But it was the first time since Starbuck had agreed to marry him. Suddenly he found himself wondering if Starbuck had felt anything like this all those times before. If that so-easily granted acceptance of Serina, of being shut out of Apollo's life because of his wedding vows, had been bought at this kind of hurting hunger. If any of Starbuck's women, even Cassie, had ever stopped the need that Starbuck showed when he held onto Apollo even in his sleep...

Oh, God. Starbuck, sweetheart, I'll spend the rest of my life making that up to you. I promise... I'm so sorry— He had to laugh, remembering Starbuck's reaction to his last apology: "I know. I forgive you." "You always do, don't you?" "Always... and it's a good thing, too, don't you think?" God, yes, it was a good thing, considering how often he needed it. He snorted with laughter again, involuntarily; his 'last' apology, his eye. His latest, more like.

"Sir?"

Apollo forced his mind back onto his business. "Just a stray thought, Wotan," he said. "Why don't you drop down to the floor, follow that river on up? And try not to hit the canyon walls as you go."

"Yes, sir," the ensign said. "I'll restrain myself from finding out what would happen if I did."

"Insatiable curiosity," murmured Apollo.

"Killed the felix, I know, sir," the boy said as he tilted a wing and dropped like a stone toward the river valley below.

Apollo grinned and followed him down. It was still boring, but if he put his mind to it, maybe he could have a little bit of fun.

Even if Starbuck wasn't here.


Bojay had gotten off duty at ten. He'd stayed late, working on the efficiency reports he had due. Then he'd stared at the wall chrono for a few centons, and pulled out the reports he had due next quarter. But now he'd done all he could on those and there wasn't any excuse for him to still be here. Tase, Yellow Leader, was already looking at him oddly, and Seth, Purple Leader, had put his head into the office three times already. He probably wanted his desk.

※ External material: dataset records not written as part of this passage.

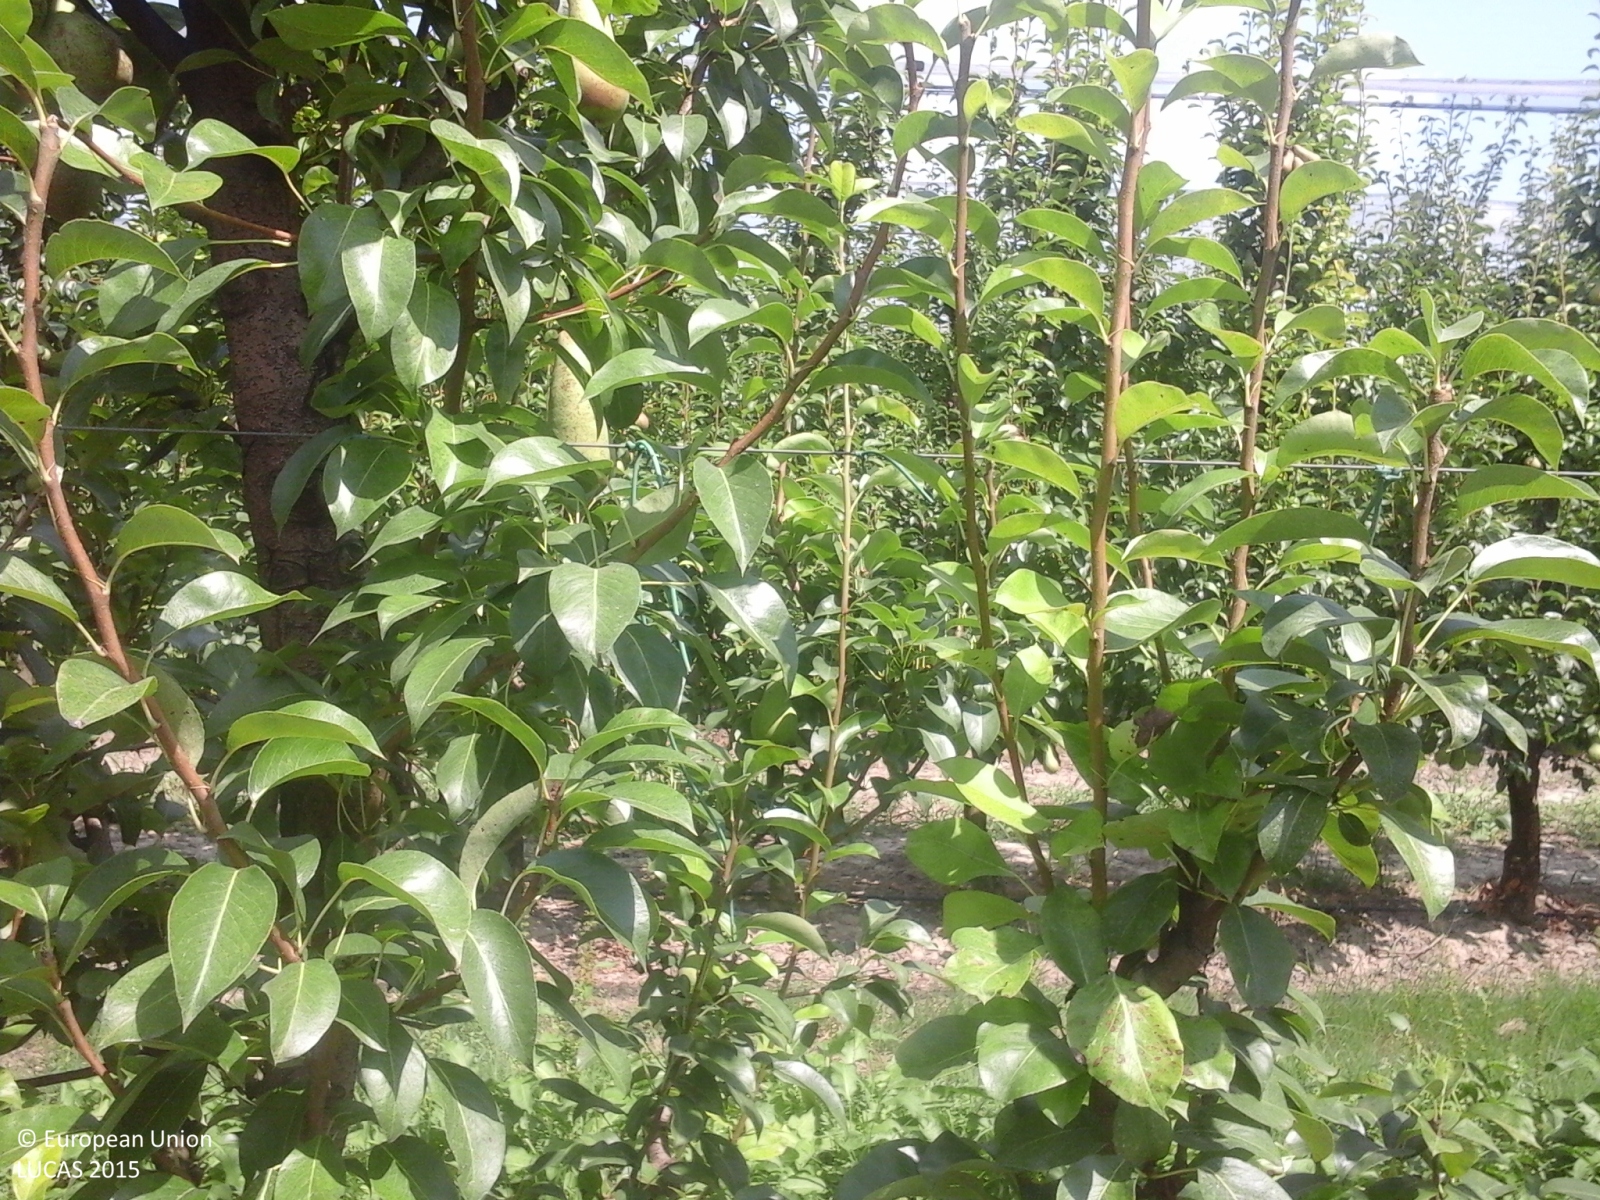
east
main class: Cropland
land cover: Pear fruit
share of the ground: > 75 %
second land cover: Grassland without tree/shrub cover
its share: > 75 %
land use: Agriculture (excluding fallow land and kitchen gardens)
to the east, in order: Pear fruit; Grassland without tree/shrub cover; Soya; Artificial constructions in urban areas
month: June
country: IT
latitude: 44.8858
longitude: 11.0993

Bojay wasn't fooling himself about why neither of the other lieutenants had spoken to him beyond a simple greeting. Sure, they hadn't been there that morning when Sheba had come in, but they would without doubt have heard every word repeated at least three times before they had come on duty. He suddenly realized he'd stayed too long. It was after midnight; like an idiot, he'd let Blue get into the barracks. Cach. There was no way he was going to stick around to talk to them.

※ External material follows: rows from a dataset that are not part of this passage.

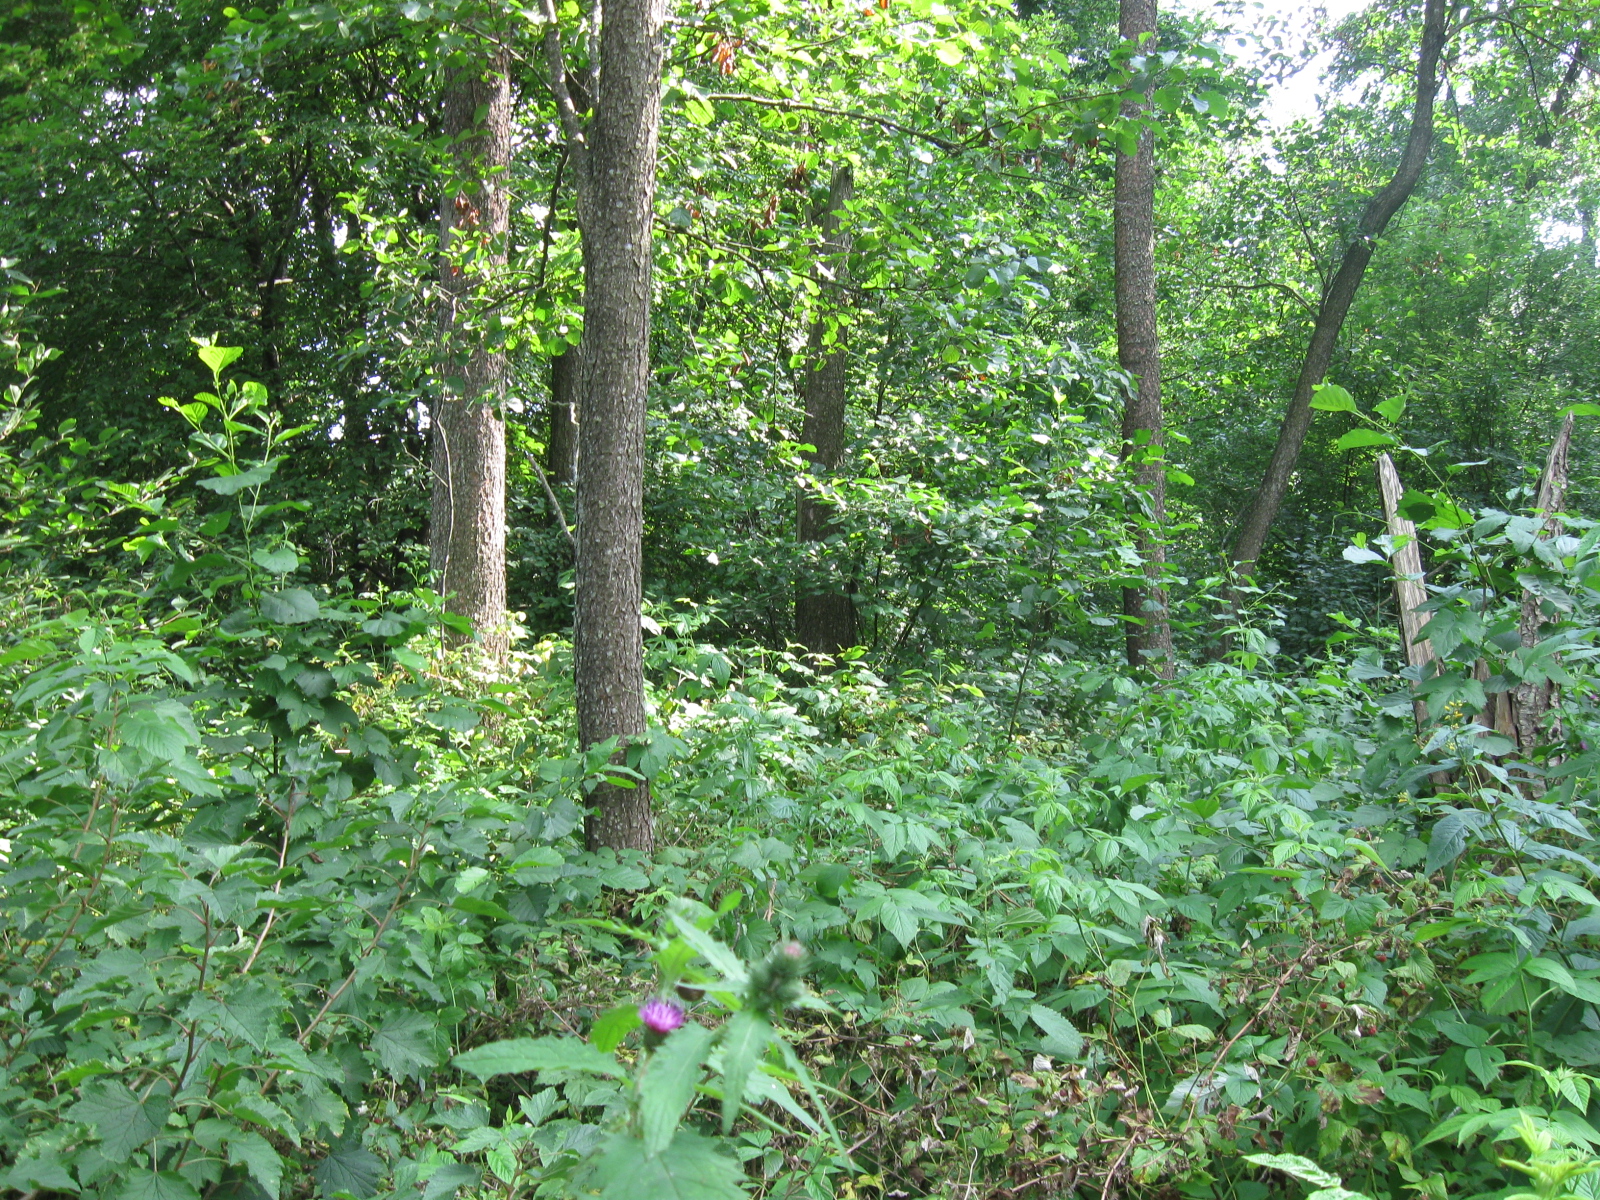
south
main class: Woodland
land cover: Broadleaved woodland
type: mire and swamp forests
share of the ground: > 75 %
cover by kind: broadleaved forest trees 75 %, shrubs 20 %, herbaceous plants 5 %
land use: Forestry
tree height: > 5 m
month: July
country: LT
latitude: 54.5287
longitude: 24.3939
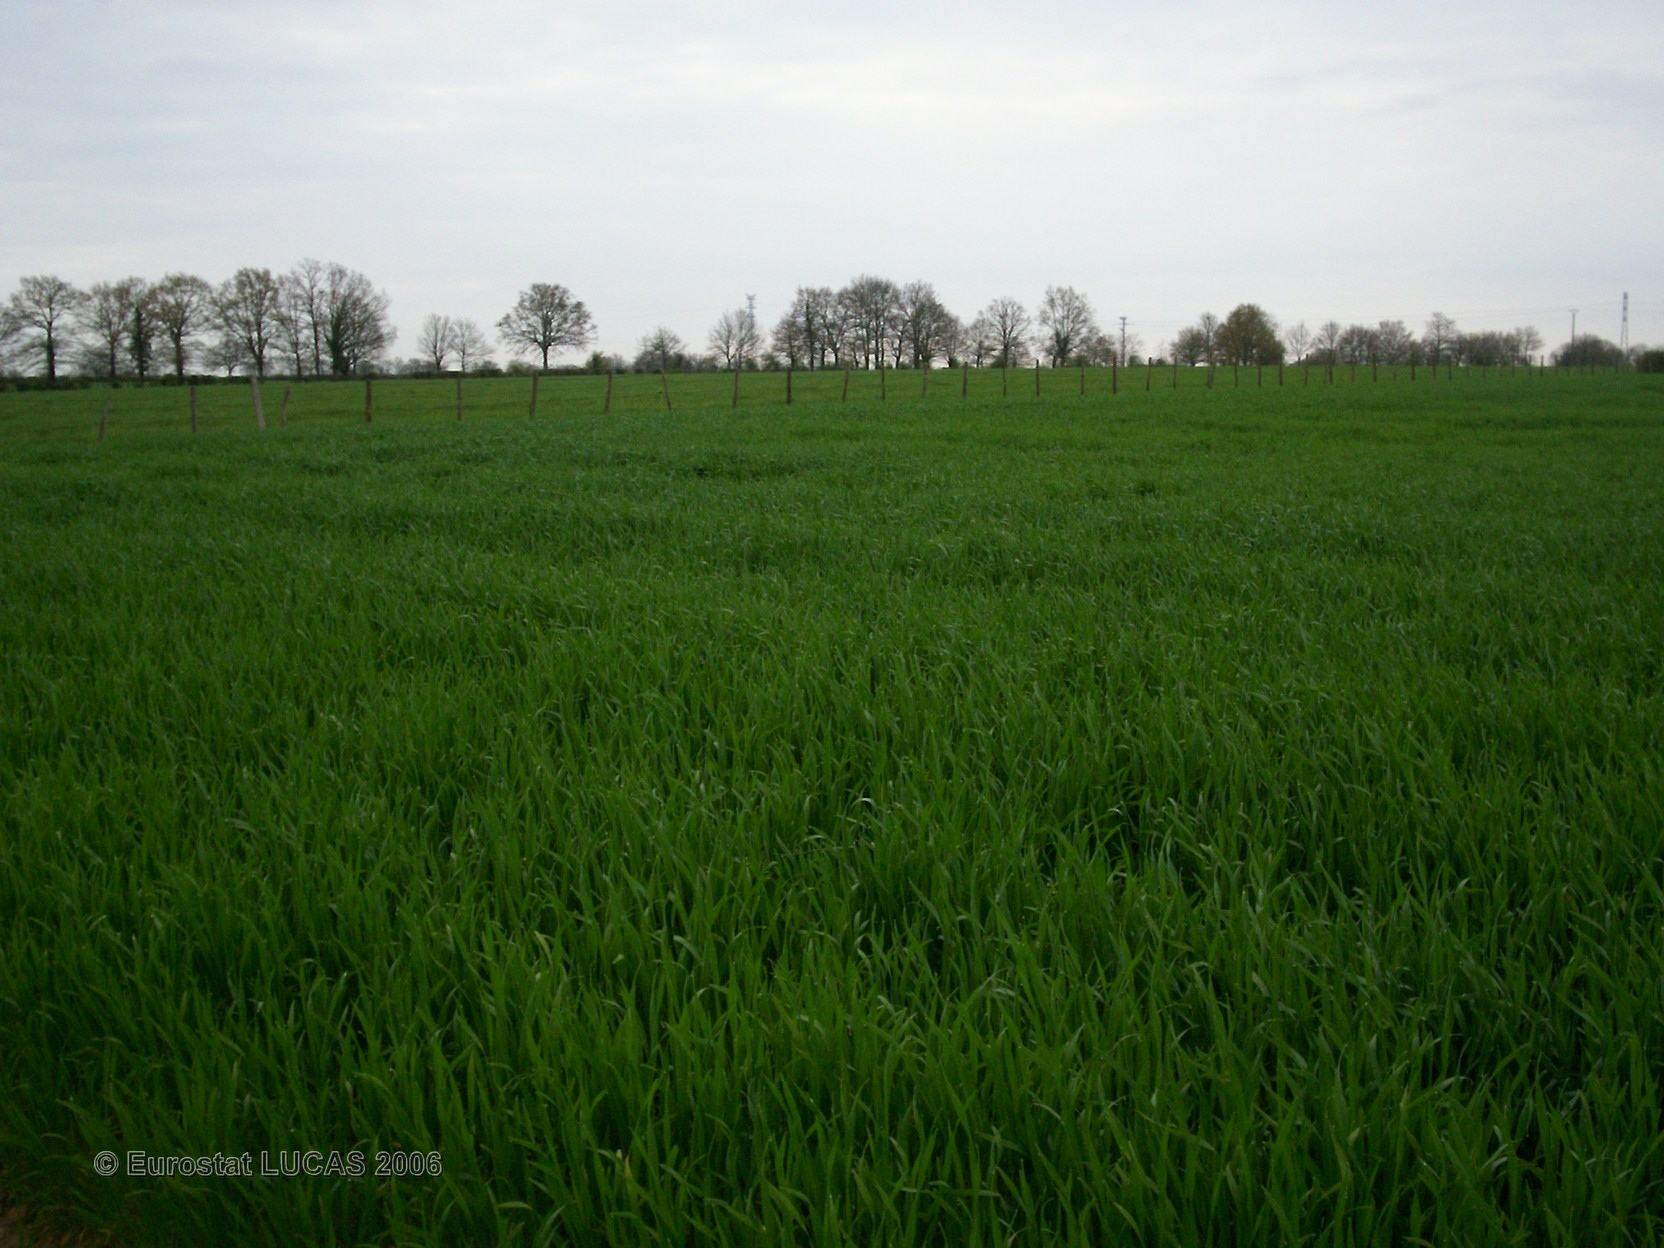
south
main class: Grassland
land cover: Grassland without tree/shrub cover
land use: Agriculture (excluding fallow land and kitchen gardens)
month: April
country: FR
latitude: 46.8438
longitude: -0.3730

Especially not to Starbuck.

He dropped his reports into his drawer and, with a quiet 'Have a good shift' to Tase, he went out into the barracks and walked quickly to his room. He changed clothes quickly, leaving his uniform on his bed, and left the barracks, trying to look like he was late for something.

Not that he had anywhere to go now. This morning, waking up in Athena's bed—well, Apollo's bed, but Athena's arms—and Athena's kisses making it impossible to leave, he'd felt more at home than he had in twenty yahrens. Her hands and mouth, her sweet strong body, her desire for him... he'd barely made it to the barracks by eight, and it was a good thing he hadn't been going on duty then. She'd asked him, and he'd promised her, to come back tonight. But that was before... And now there was nowhere.

Inevitably he ended up at the O Club. Inevitably.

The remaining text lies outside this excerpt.